At the end of the day, for Owens it's all about jobs. "What I'm really focused on, quite frankly, is that the wealth of nations is a function of the opportunities we create for our children and our grandchildren. If we don't have great jobs for people here, we're no longer going to be a great country. And America can't be a world leader without a great economy."
America's reign as a "great country" is all about competitiveness, Owens said. Yet despite the very clear importance of American competitiveness in the global economy and the clear effect that U.S. policies have on that competitiveness (and, by extension, on U.S. jobs), Owens said it's a subject hardly discussed in Washington, D.C.

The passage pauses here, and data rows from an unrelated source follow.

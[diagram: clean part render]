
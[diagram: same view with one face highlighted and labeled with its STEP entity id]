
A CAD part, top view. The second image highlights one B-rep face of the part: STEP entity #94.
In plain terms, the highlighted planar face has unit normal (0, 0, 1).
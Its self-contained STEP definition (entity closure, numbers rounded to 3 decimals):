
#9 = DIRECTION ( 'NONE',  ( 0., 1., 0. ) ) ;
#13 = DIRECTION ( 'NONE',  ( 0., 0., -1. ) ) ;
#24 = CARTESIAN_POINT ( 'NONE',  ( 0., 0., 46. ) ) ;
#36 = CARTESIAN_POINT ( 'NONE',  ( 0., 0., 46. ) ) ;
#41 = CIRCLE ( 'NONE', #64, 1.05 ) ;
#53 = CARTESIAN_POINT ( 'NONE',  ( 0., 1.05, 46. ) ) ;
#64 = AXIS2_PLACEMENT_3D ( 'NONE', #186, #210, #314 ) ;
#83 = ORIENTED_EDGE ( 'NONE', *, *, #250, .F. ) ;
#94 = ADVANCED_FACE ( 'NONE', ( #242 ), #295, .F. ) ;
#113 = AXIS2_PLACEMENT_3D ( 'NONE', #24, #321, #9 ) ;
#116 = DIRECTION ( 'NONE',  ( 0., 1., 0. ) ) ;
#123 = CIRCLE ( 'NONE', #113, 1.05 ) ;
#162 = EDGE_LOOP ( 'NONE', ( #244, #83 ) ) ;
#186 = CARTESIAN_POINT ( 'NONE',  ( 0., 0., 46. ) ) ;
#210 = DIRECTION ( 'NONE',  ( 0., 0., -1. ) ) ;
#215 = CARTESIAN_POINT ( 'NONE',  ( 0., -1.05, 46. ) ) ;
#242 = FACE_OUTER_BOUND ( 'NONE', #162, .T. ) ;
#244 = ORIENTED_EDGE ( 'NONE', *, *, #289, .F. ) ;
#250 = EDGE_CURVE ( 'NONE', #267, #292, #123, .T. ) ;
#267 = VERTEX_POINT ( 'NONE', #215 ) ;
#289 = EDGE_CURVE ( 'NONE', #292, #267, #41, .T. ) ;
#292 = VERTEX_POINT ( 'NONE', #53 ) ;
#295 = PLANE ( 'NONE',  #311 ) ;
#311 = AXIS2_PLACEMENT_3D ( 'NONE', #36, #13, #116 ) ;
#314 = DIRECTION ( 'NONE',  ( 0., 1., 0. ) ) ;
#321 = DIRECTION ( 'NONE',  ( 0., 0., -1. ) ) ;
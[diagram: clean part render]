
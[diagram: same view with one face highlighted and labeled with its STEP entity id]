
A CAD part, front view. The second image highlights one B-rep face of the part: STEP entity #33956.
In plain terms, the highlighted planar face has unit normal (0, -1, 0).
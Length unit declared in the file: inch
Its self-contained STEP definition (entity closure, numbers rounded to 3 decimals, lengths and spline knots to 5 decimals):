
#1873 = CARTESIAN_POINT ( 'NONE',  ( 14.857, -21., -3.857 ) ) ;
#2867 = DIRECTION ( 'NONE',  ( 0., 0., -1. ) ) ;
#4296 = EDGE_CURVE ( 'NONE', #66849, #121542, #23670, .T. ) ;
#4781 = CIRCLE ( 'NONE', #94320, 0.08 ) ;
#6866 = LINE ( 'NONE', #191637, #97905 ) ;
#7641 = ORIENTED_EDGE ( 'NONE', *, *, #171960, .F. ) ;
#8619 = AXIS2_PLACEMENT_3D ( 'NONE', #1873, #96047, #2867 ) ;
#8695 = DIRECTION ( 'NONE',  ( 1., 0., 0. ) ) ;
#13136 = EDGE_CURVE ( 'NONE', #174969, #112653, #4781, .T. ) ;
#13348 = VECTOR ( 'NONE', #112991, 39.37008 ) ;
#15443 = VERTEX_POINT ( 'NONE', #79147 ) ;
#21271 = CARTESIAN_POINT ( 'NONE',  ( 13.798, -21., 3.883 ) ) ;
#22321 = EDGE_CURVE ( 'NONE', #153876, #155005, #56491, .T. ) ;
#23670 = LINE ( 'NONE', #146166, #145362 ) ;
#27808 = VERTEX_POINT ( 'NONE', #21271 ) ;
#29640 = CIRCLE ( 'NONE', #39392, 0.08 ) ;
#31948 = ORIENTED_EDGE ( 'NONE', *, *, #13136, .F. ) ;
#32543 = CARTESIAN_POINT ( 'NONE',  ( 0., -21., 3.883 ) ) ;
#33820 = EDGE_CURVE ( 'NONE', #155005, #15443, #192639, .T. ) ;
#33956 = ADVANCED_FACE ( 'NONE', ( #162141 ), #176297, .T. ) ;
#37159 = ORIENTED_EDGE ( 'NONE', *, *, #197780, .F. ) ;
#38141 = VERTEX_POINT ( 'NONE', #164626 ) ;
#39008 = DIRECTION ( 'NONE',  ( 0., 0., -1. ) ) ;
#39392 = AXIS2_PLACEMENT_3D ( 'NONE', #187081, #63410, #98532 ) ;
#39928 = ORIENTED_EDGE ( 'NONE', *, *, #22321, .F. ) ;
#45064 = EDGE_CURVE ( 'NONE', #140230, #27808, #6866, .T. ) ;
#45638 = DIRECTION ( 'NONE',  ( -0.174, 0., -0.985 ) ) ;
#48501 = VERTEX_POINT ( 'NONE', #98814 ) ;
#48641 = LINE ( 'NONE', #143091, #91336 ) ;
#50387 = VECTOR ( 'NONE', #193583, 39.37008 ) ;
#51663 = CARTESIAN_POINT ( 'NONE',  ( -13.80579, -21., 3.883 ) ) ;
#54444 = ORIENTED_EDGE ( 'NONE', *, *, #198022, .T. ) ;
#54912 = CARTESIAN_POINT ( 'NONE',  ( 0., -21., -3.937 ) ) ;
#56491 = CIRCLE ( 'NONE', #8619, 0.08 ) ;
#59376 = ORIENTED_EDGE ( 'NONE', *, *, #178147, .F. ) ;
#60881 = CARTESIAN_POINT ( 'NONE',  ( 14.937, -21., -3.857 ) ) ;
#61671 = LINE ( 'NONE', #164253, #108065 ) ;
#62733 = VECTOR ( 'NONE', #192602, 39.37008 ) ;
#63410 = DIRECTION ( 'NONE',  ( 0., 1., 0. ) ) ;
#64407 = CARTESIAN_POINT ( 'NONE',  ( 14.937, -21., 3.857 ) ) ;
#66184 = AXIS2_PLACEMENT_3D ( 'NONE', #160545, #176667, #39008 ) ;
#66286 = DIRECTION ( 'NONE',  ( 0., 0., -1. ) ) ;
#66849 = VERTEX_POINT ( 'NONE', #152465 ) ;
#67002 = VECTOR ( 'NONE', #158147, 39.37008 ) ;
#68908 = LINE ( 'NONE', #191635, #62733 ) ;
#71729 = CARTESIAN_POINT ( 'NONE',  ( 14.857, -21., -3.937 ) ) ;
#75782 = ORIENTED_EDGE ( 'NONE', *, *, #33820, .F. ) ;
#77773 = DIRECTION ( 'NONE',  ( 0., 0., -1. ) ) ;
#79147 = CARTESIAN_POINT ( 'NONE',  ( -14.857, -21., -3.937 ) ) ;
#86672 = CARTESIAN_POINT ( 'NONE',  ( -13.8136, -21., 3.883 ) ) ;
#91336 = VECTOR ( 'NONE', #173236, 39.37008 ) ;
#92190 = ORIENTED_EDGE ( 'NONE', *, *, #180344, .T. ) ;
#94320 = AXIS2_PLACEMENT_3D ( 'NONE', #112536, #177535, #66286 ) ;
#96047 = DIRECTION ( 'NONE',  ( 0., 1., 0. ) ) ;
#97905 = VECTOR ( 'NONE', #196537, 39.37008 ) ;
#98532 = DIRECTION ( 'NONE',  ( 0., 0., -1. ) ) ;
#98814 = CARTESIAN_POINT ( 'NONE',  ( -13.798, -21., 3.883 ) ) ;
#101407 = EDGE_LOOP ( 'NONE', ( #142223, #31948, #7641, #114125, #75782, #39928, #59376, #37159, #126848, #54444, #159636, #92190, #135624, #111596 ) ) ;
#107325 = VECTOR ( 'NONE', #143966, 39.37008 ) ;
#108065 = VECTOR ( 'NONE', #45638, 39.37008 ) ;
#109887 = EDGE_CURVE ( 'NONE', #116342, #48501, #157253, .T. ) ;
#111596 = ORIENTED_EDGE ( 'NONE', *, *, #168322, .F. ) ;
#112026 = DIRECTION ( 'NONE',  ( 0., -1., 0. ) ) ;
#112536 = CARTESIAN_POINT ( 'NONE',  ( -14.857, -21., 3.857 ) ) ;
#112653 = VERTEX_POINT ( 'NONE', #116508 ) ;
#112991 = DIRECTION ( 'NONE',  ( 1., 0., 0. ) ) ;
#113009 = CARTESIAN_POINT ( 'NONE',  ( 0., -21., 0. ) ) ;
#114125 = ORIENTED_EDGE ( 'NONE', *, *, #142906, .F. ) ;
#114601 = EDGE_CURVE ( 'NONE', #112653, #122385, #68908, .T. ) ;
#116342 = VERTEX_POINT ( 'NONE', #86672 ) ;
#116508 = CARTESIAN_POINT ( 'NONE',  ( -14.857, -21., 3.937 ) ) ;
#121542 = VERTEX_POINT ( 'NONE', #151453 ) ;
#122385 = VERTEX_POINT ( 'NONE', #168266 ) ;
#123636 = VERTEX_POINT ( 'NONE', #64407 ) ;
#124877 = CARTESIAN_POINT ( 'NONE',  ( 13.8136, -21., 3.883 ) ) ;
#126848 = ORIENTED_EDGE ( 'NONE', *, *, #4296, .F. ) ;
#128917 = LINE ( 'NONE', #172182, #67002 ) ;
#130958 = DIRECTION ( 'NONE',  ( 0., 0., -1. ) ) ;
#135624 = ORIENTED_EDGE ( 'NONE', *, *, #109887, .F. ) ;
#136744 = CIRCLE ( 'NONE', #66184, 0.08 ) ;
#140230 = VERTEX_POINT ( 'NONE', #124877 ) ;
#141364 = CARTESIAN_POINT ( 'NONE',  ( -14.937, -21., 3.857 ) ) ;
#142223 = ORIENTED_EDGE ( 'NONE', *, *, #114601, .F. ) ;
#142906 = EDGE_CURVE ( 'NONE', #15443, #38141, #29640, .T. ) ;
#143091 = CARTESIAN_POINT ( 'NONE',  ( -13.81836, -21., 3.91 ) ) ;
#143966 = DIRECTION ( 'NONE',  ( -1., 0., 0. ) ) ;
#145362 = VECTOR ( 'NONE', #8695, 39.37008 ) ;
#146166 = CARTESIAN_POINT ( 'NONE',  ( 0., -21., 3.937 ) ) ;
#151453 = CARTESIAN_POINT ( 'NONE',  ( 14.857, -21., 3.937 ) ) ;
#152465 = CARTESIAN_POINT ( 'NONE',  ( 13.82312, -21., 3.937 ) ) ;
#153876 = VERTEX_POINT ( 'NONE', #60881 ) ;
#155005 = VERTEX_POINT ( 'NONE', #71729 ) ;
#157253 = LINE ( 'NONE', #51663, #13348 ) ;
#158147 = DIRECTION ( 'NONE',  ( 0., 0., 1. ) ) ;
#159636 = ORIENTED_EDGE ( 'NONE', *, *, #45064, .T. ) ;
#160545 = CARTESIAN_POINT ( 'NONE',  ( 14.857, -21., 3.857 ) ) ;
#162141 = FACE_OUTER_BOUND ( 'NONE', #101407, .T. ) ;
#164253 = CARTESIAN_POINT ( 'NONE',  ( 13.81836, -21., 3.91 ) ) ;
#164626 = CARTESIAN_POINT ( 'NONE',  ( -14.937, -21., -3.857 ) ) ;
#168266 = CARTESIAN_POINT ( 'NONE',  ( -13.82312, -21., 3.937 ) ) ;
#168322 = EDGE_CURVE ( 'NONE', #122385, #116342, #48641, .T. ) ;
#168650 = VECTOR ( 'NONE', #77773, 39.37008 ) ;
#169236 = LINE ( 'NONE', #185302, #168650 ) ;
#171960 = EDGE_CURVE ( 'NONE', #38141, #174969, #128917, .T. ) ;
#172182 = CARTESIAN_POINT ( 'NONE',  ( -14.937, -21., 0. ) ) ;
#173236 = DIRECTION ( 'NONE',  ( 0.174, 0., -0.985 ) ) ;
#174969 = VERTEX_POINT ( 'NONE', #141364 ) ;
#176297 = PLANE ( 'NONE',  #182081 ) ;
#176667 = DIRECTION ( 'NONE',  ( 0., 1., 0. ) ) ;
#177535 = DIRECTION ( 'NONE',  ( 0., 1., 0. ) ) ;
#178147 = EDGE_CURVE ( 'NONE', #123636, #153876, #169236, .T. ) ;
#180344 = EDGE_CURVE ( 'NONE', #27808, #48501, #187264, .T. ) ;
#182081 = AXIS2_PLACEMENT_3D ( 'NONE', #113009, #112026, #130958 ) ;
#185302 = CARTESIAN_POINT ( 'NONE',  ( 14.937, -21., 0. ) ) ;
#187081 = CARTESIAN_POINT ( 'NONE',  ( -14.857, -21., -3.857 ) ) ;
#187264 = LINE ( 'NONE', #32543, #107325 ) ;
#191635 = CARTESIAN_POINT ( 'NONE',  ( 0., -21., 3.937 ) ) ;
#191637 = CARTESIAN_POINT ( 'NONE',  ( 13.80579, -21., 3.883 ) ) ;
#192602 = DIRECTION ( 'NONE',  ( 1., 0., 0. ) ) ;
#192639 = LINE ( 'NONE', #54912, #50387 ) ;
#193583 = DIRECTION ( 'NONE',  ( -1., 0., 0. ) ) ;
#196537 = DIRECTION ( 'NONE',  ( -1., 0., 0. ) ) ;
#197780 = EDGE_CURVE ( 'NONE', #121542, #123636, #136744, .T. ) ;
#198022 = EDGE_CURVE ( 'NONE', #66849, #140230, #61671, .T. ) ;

The kinds of misguided policies Owens described aren't for lack of smart people in government, he said. "But who elected them? Not the business community. It's the labor unions that put feet on the streets," and they're against the kinds of policies that, according to Owens, would foster America's economic competitiveness.
"A protectionist, nationalistic voice is overriding good rational economic policy," Owens said. "That's my biggest concern."
The only way to change that -- and to assuage Owens' concern about the ability of the U.S. to remain a "great country" -- is for CEOs, academics, and other leaders to "get out and talk to people and convince our policymakers that these kinds of policies are really critical. It's time for us to roll up our sleeves and help the public understand the consequences of policymakers' decisions."
For American companies -- and for the country itself -- remaining competitive in the new global economy depends in part on U.S. tax, fiscal, and trade policies.
U.S. policymakers need to look at the tax code through a global lens, and consider reform by thinking about "How do we position the U.S. economy to compete in the world?"
The government should focus expenditures on high-quality infrastructure, what Owens called the "backbone" of America's ability to compete in the global economy.
Trade is a "win-win proposition." It's good for the average American family ($10,000 richer as a result), for American businesses, and for American consumers as well.
For Owens, the "wealth of nations" is all about jobs. "If we don't have great jobs for people here, we're no longer going to be a great country."
Policies are increasingly likely to decrease U.S. competitiveness abroad. Why? According to Owens, "A protectionist, nationalistic voice is overriding good rational economic policy."
It's time, according to Owens, for business and academic leaders to "roll up their sleeves and help the public understand the consequences of policymakers' decisions."